## What to work on
Retype the data exactly, skipping any picture in it.

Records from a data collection
- - -

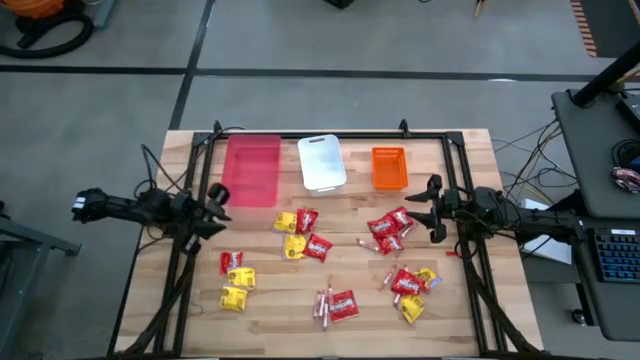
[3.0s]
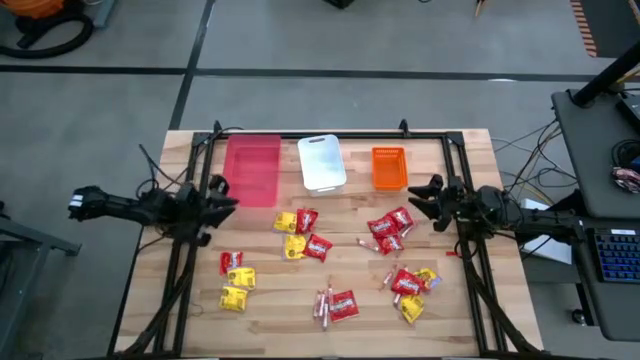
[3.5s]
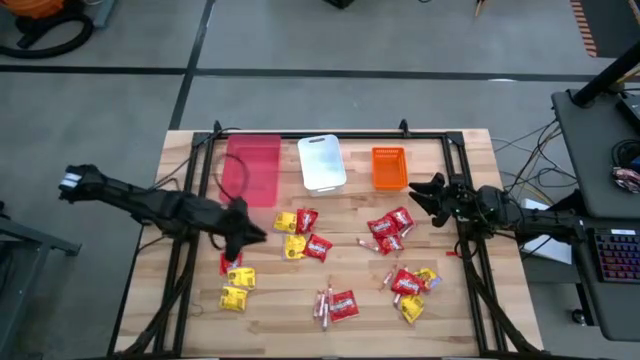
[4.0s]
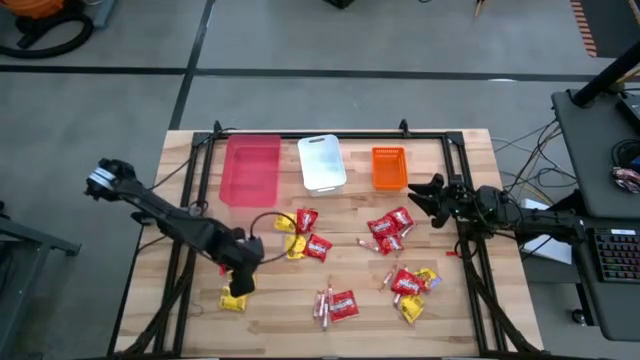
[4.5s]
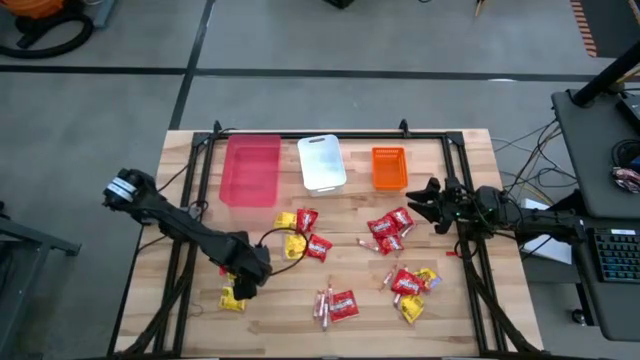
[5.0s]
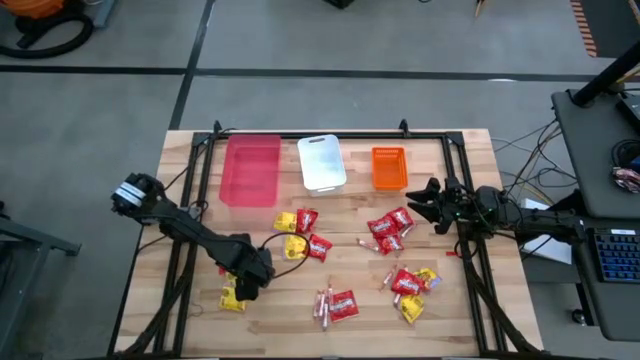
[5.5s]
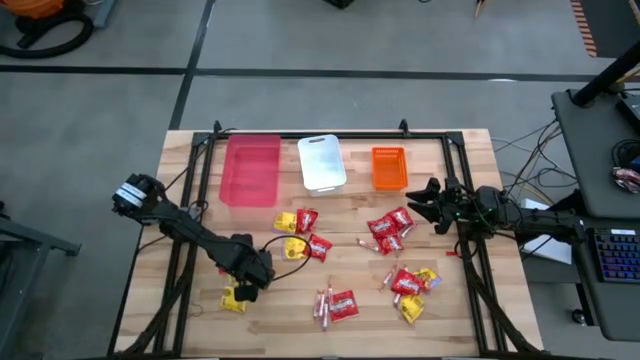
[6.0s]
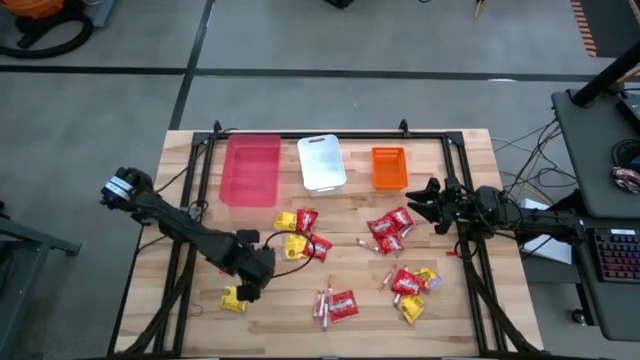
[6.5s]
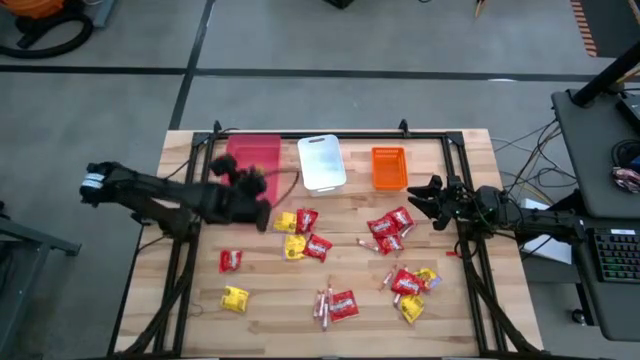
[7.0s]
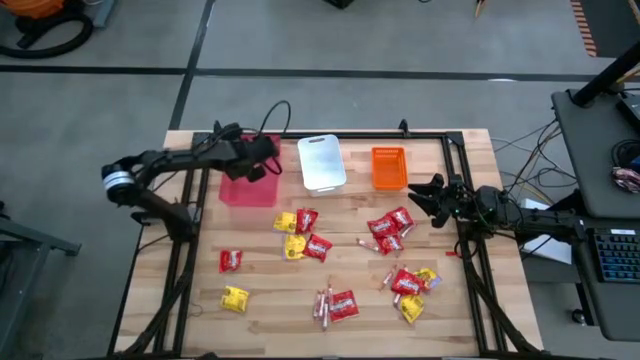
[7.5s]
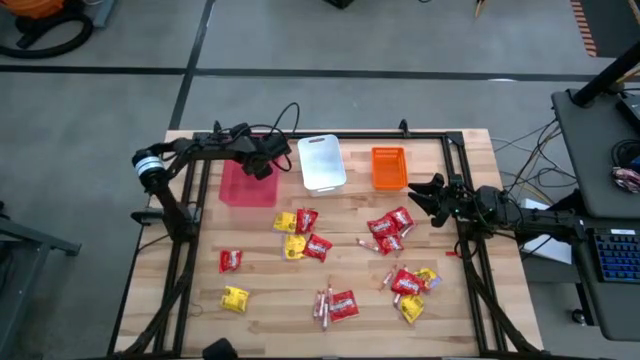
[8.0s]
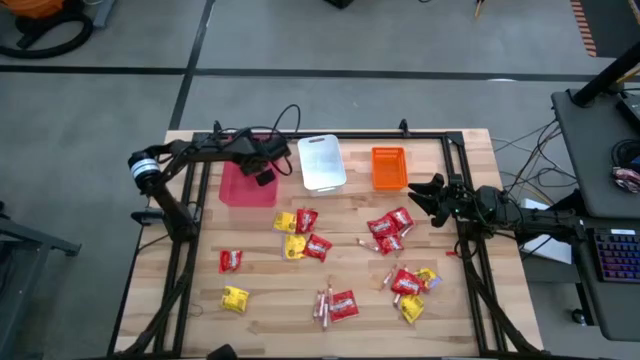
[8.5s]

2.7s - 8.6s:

- - -

## Exercise solution
[3.0s]
[3.5s]
[4.0s]
[4.5s]
[5.0s]
[5.5s]
[6.0s]
[6.5s]
[7.0s]
[7.5s]
[8.0s]
[8.5s]

2.7s - 8.6s:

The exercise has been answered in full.